Bob Dylan
Bob Dylan is recognized as “the” most accomplished musician by his peers. Even Pope John Paul II, a survivor of Soviet communist domination of Poland, is known to have admired Dylan and attended the 23rd Italian National Eucharistic Congress in Bologna in 1997 where Dylan performed.
Dylan’s lyrics touched several generations, but especially the 60s generation with such songs as “The Times They Are a-Changin’,” “Blowin’ in the Wind,” and “Mr Tambourine Man,” songs that are evocative of feelings of my generation of college students facing compulsory service in the Vietnam War, a political system experiencing a Presidential assassination and his corrupt successor.

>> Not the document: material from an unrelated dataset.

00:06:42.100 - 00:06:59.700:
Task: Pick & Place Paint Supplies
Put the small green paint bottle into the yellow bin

My cohorts on the Right were conservative and we sought advanced degrees, possibly to escape the carnage of American life that was the consequence of our cohorts on the Left who went to the streets. The riots in Chicago during the Democrat National Convention in 1968 were a high–and low–watermark of those times.
Fifty-thousand plus young people’s names are inscribed on the wall of the Vietnam Memorial in Washington, DC. Every one of those persons listened to Bob Dylan and understood what he was saying.

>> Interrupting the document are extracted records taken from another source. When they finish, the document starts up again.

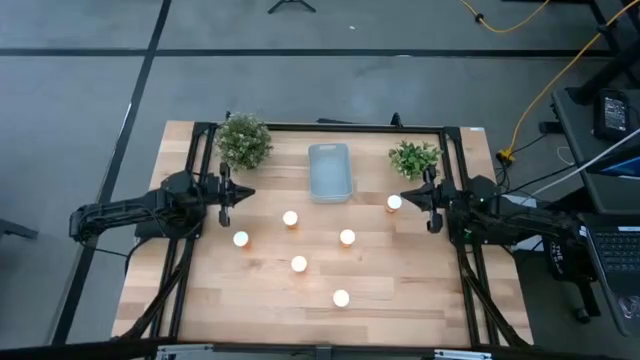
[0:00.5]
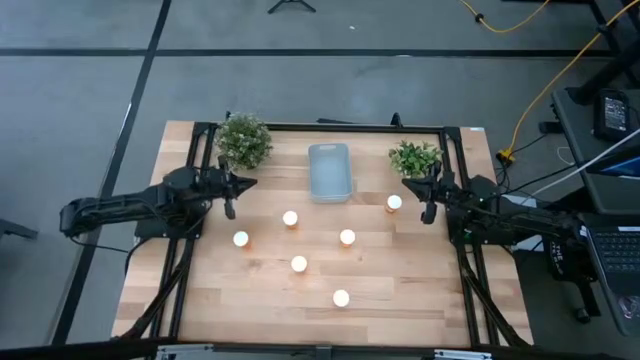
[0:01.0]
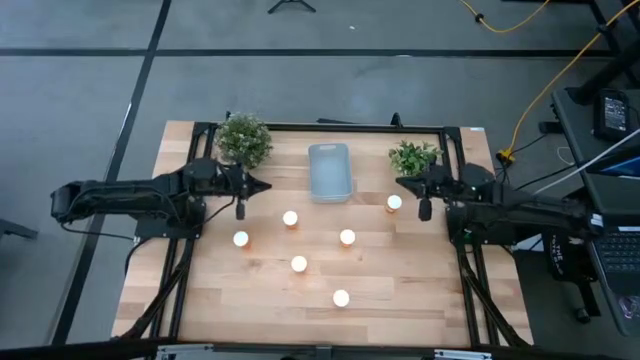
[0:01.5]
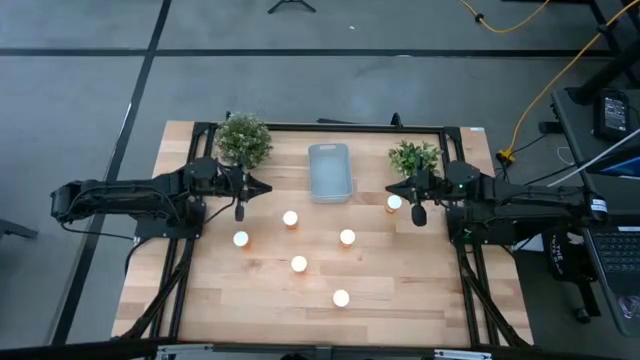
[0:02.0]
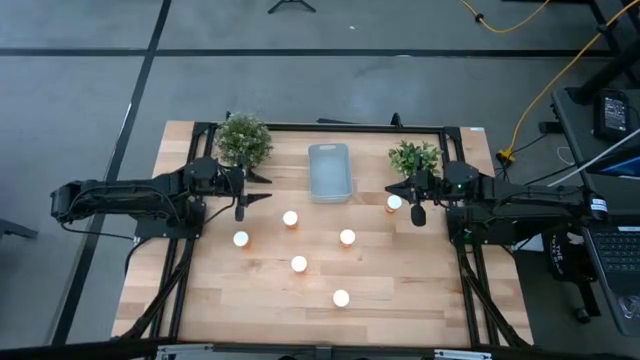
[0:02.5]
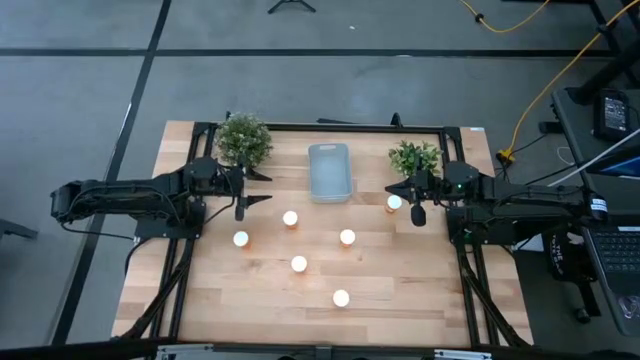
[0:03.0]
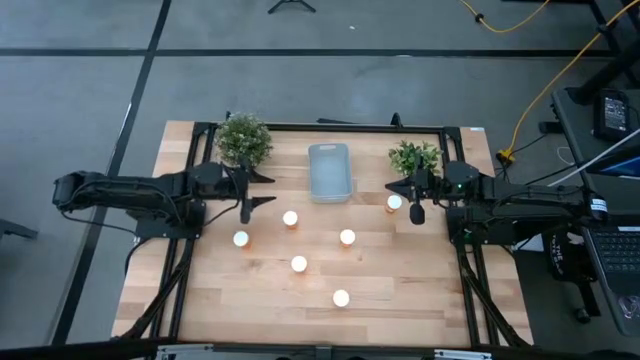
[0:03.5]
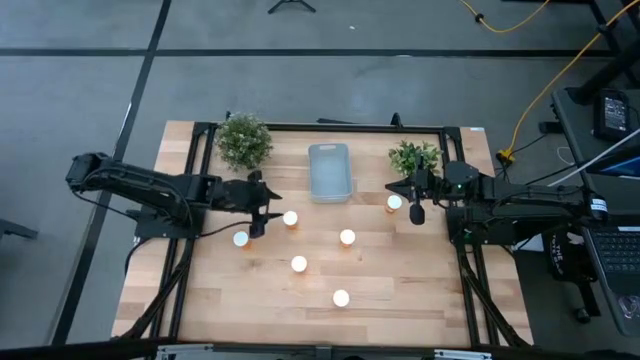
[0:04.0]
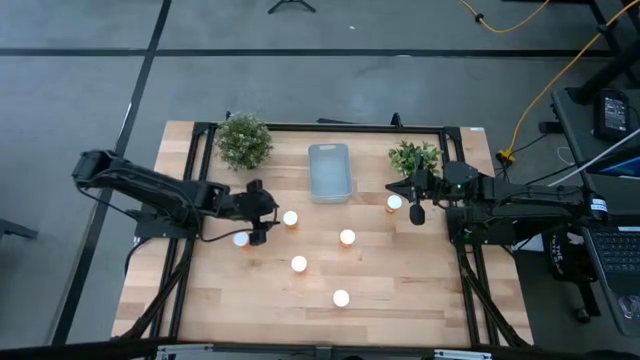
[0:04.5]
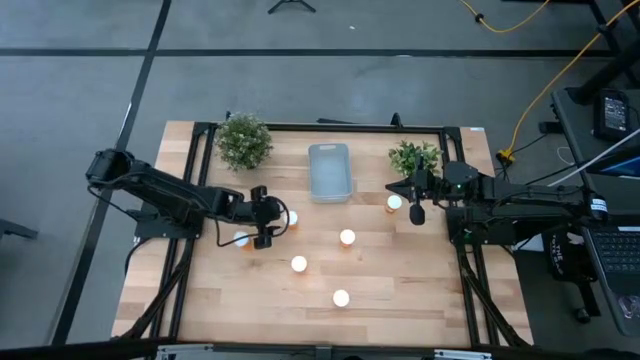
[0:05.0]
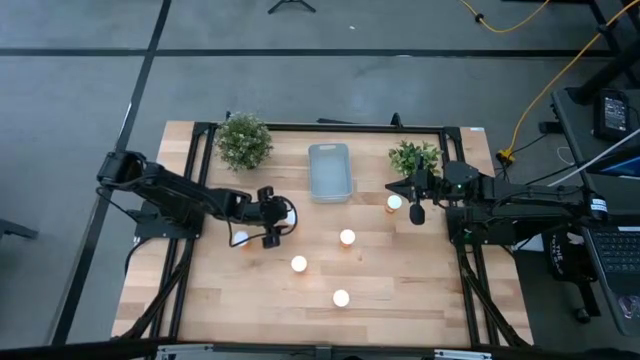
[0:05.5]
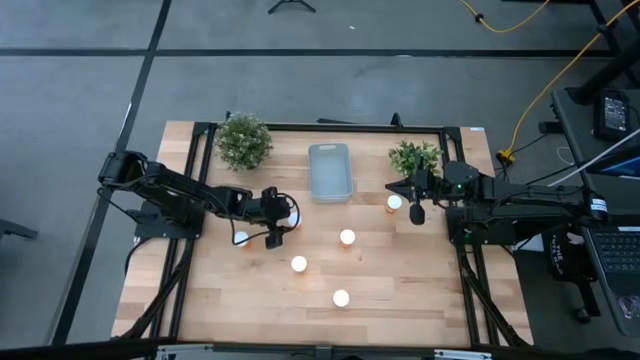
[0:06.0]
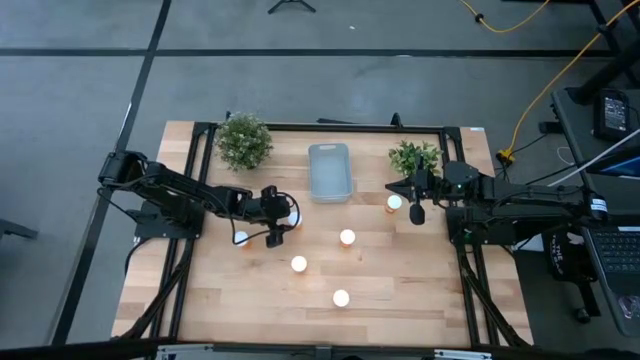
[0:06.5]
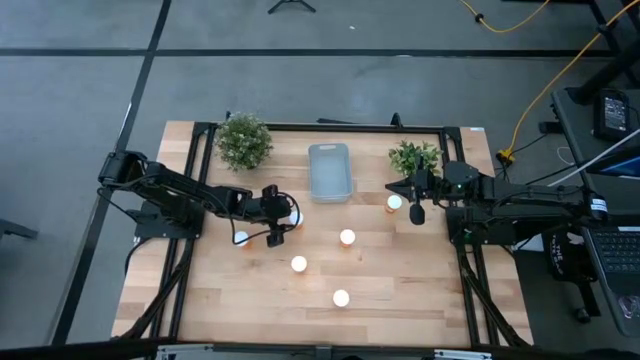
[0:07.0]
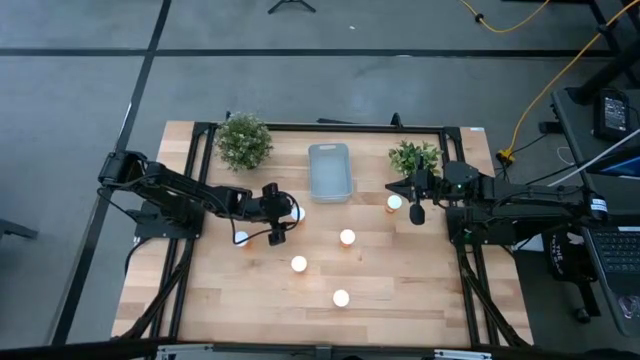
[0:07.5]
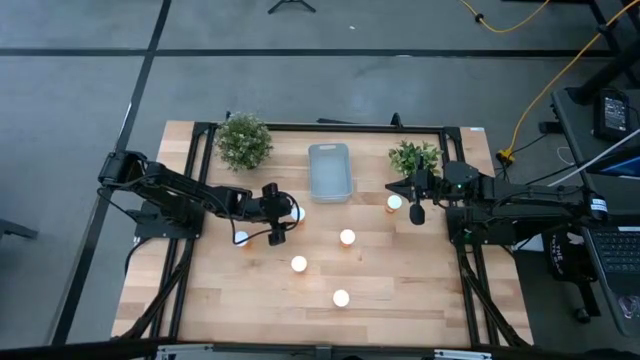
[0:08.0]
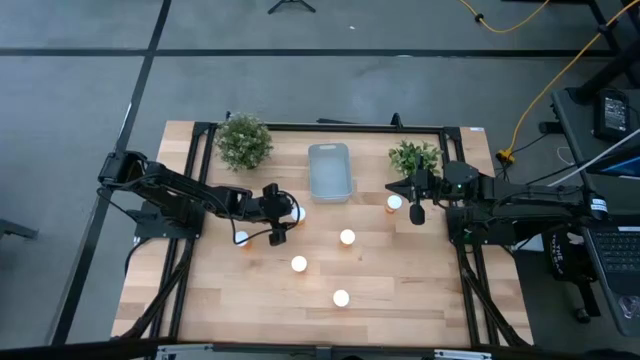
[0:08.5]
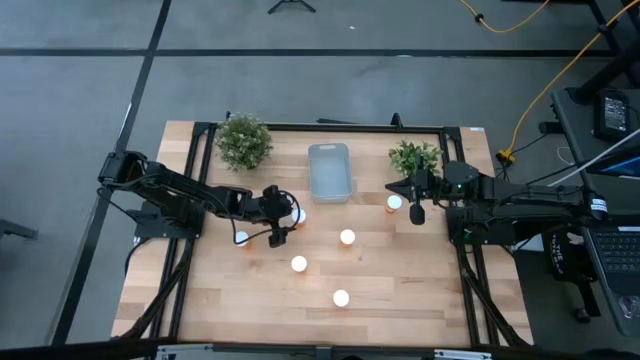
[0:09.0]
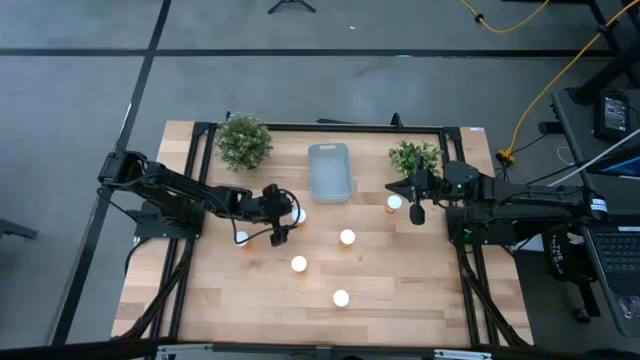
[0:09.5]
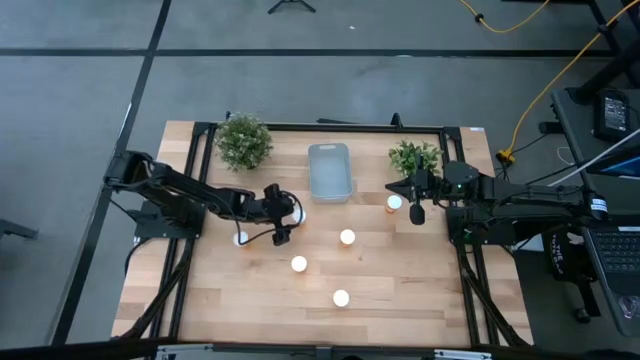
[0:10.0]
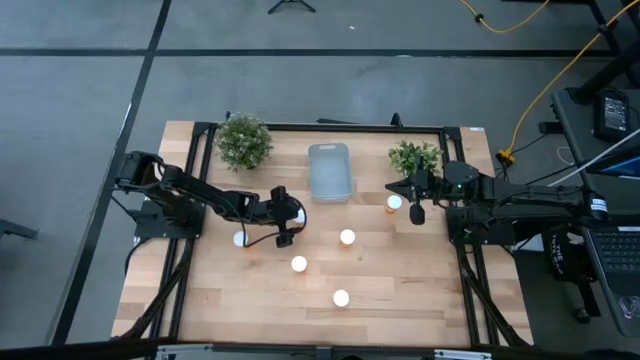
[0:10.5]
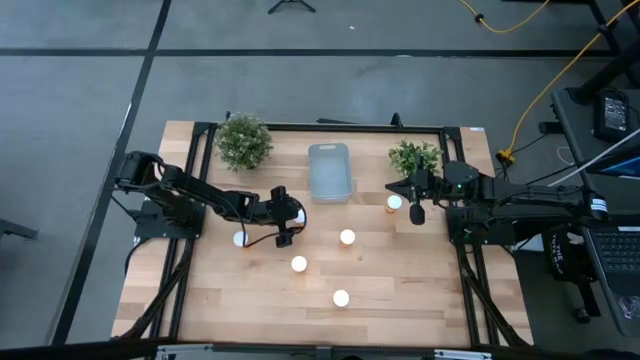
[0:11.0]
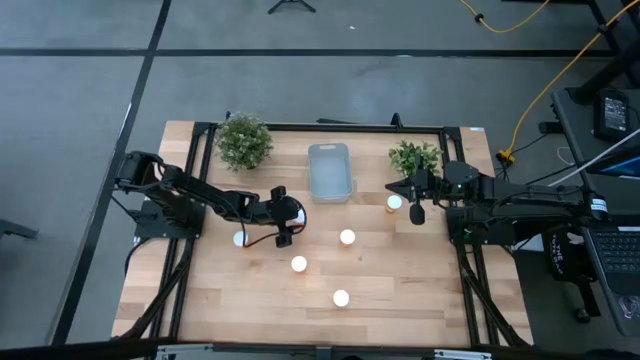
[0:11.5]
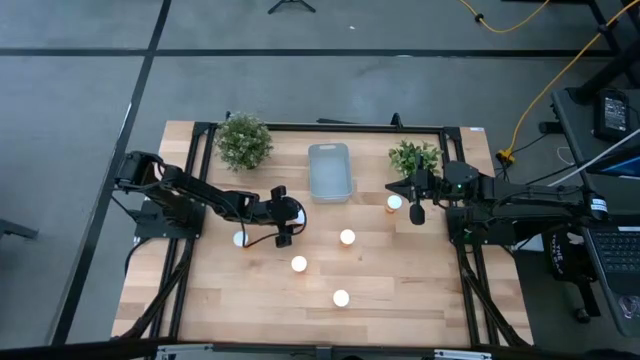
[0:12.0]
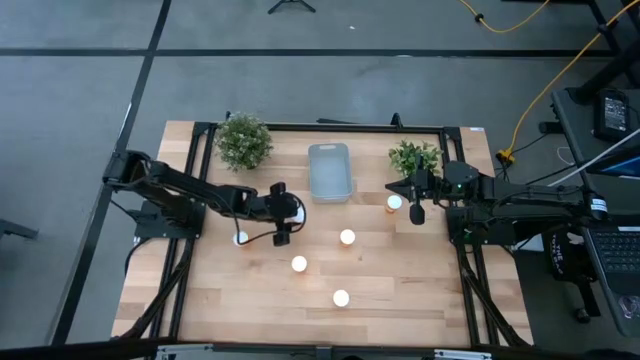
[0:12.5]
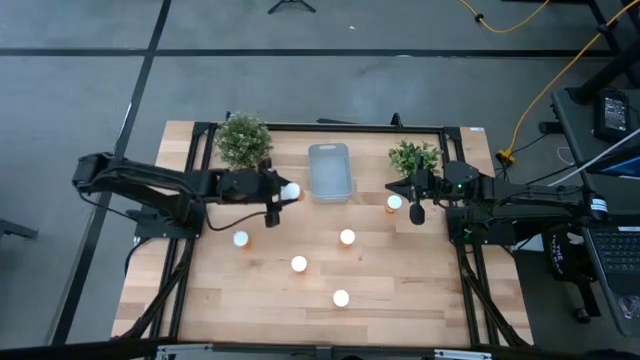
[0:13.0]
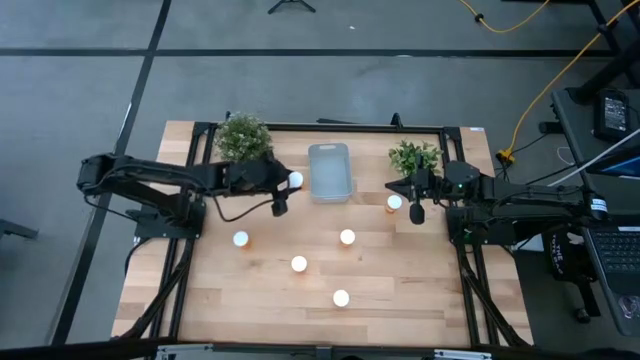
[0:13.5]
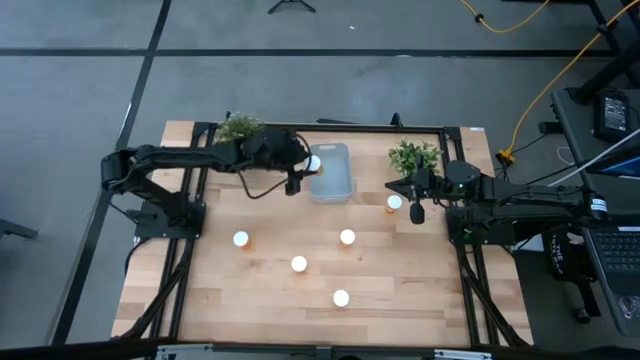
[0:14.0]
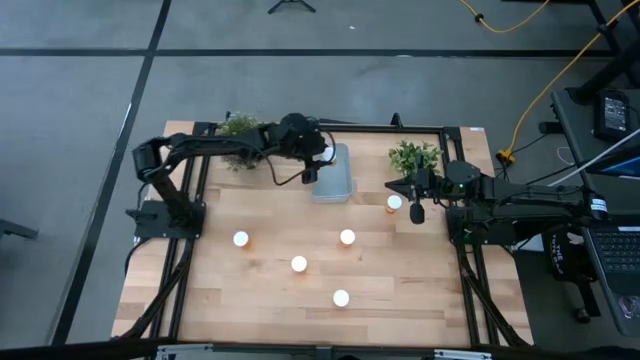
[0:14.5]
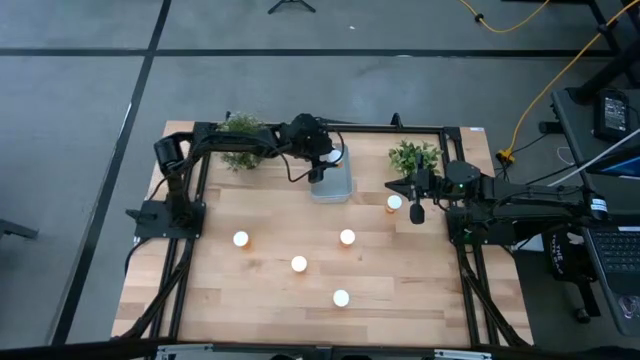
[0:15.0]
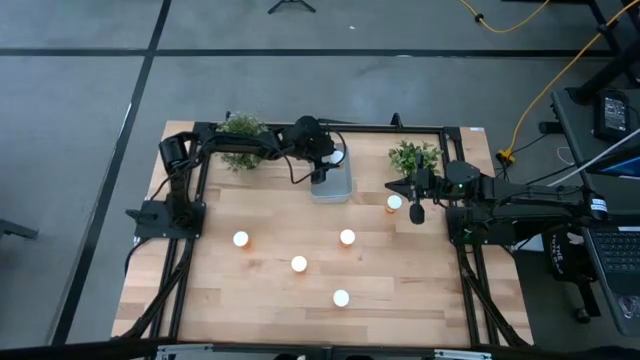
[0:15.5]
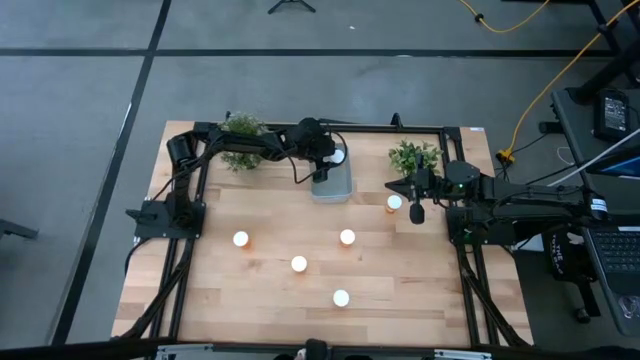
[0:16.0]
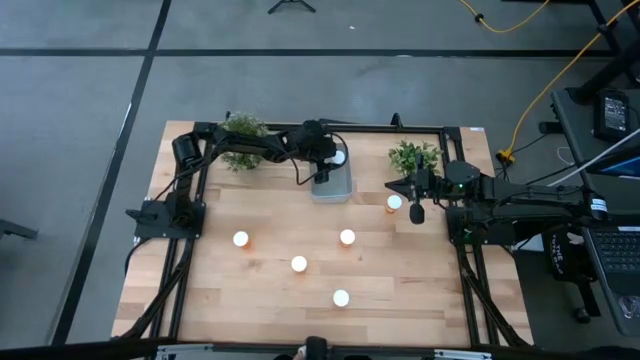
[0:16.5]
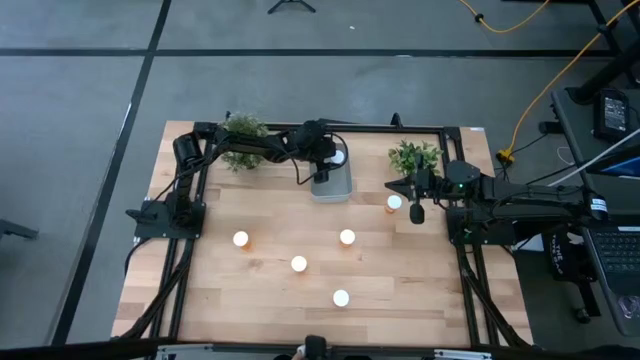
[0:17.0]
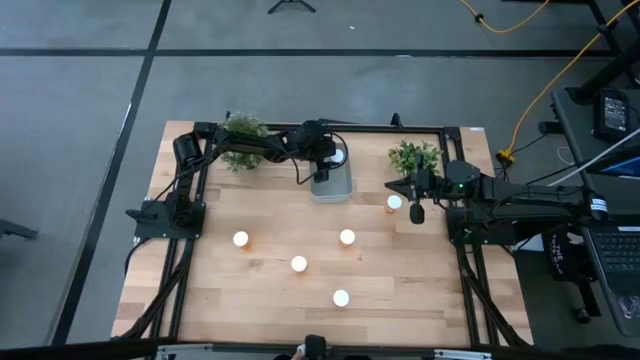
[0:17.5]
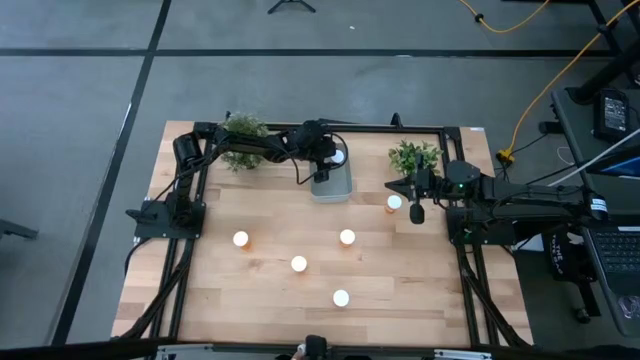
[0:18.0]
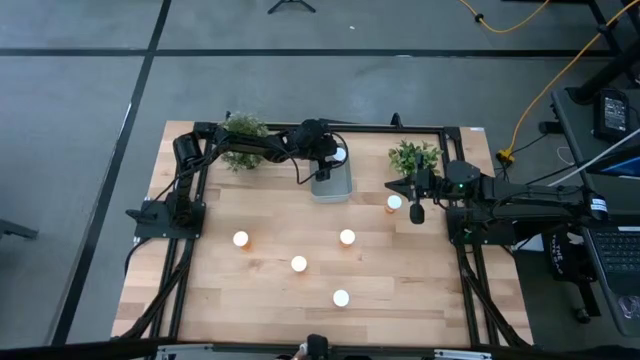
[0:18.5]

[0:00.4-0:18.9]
Task: Pick and place pill bottles into a basket
Put the orange pill bottle into the gray bin

With that in mind, one time in 2007, I went on a fundraising trip by car that took me from Virginia to Pennsylvania and to New York city. I decided to take a book of Dylan’s “Bootleg” series of CDs and listened to them for mile after mile. I came to the conclusion that Dylan was a loner. Unlike his contemporaries, only two or three songs were accompanied by a chorus.
Maybe that was necessary for Dylan’s artful rendering of our thoughts, but I decided that on my next trip I would listen to CDs of Dolly Parton.